Cada semana, una persona puede consumir
hasta 1769 partículas de plástico…
sólo del agua que bebe.

Aunque el estudio no es concluyente, abre una veta de investigación importante. Lo que es un hecho es que estamos ingiriendo plástico. ¿Cuánto? Esto, como el estudio sugiere, depende de cada estilo de vida, del lugar que habitamos y del tipo de actividades que realizamos, entre otras cosas. No obstante, cualquier cantidad ingerida de plástico ya es alarmante, pues este material es tóxico y puede llegar a interferir con procesos del organismo tales como la respiración o la digestión.

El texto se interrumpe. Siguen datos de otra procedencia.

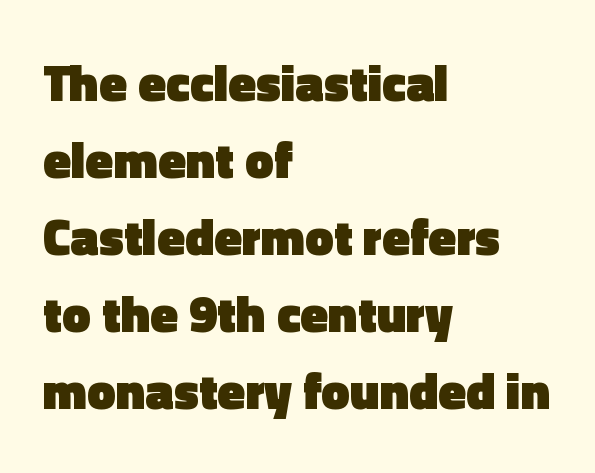
Q: Is the text bold? A: Yes.
Q: Is the text italic (slanted)? A: No, it is upright.
Q: Is the typeface a serif or a sans-serif typeface? A: Sans-serif.
Q: Is the text underlined? A: No.
Q: How is the paragraph aligned? A: Left-aligned.
Q: Is the spacing between letters normal or unusually wide? A: Normal.
Q: Is the spacing between lines tight, normal or loose? A: Normal.
Q: Width (condensed, normal, or wide)? A: Normal.
Q: x-height? A: Medium.
Q: Monospaced? A: No.
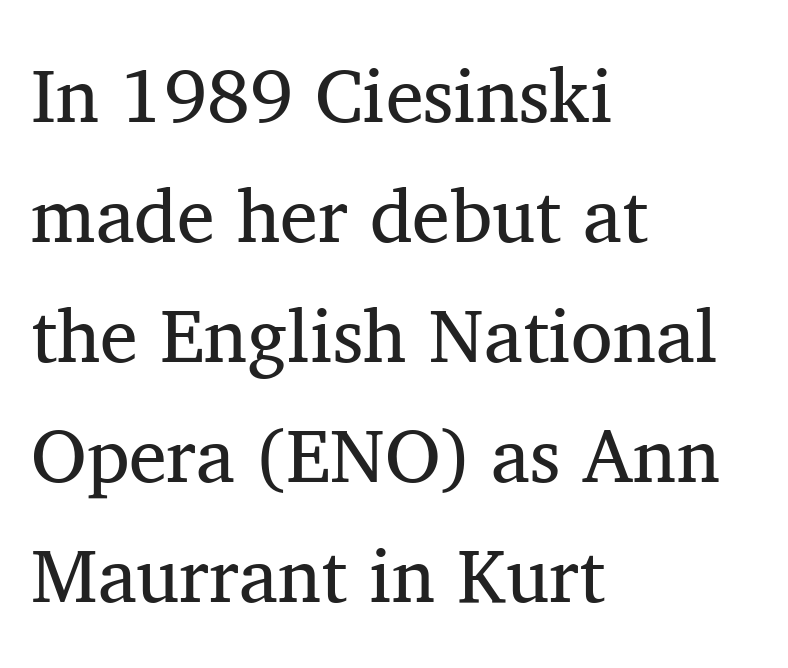
The image shows 76 px regular-weight serif type, upright; set left-aligned, normal line spacing (1.58x), normal letter spacing, not underlined; medium stroke contrast and a medium x-height.
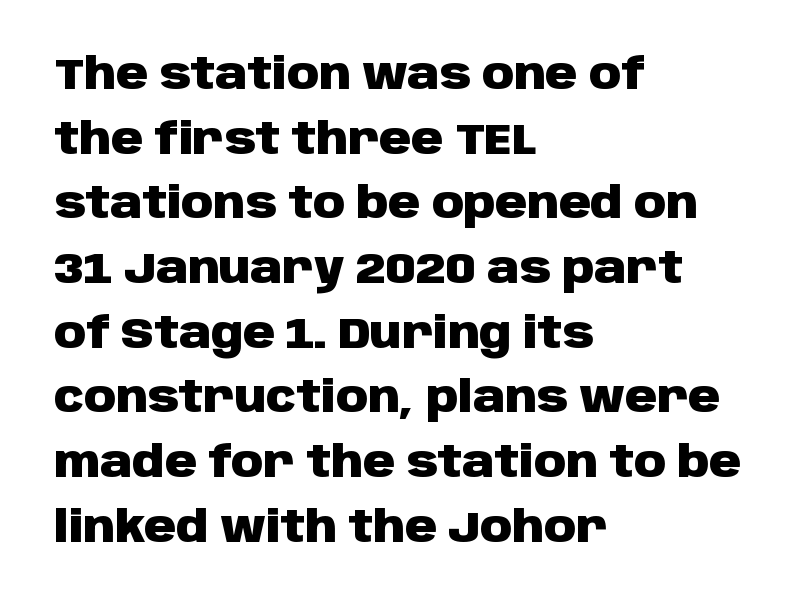
The image shows 44 px heavy sans-serif type, upright; set left-aligned, normal line spacing (1.47x), normal letter spacing, not underlined; low stroke contrast and a large x-height.
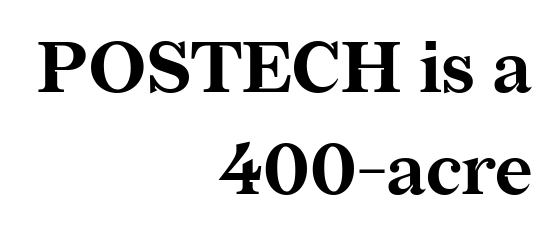
Q: Is the text bold? A: Yes.
Q: Is the text italic (slanted)? A: No, it is upright.
Q: Is the typeface a serif or a sans-serif typeface? A: Serif.
Q: Is the text underlined? A: No.
Q: How is the paragraph aligned? A: Right-aligned.
Q: Is the spacing between letters normal or unusually wide? A: Normal.
Q: Is the spacing between lines tight, normal or loose? A: Normal.
Q: Width (condensed, normal, or wide)? A: Normal.
Q: Stroke contrast? A: Medium.
Q: x-height? A: Medium.
Q: Monospaced? A: No.
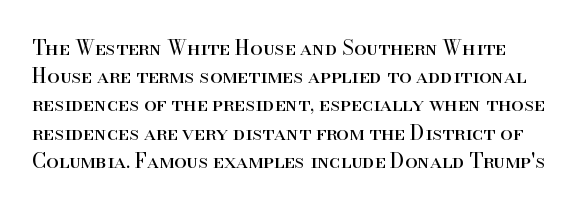
{"italic": "no", "bold": "no", "underline": "no", "line_spacing": "normal", "line_spacing_ratio": 1.41, "letter_spacing": "normal", "letter_spacing_em": 0.0, "glyph_px": 20}

El verdadero problema es que ni siquiera el reciclaje nos salva de las consecuencias de los microplásticos ya que, como se ha comprobado, todos los procesos para reciclar los plásticos –incluso aquellos biodegradables– dejan una estela de microplásticos a su paso. Por eso, lo más importante es dejar nuestra adicción a los plásticos y cambiar nuestro chip del “usa y tira” por uno de “usar y reutilizar”. Eso, por supuesto, si queremos evitar todos los males que provoca el plástico, tanto a los organismos más grandes –como la Tierra– como a los más pequeños –nuestros cuerpos–.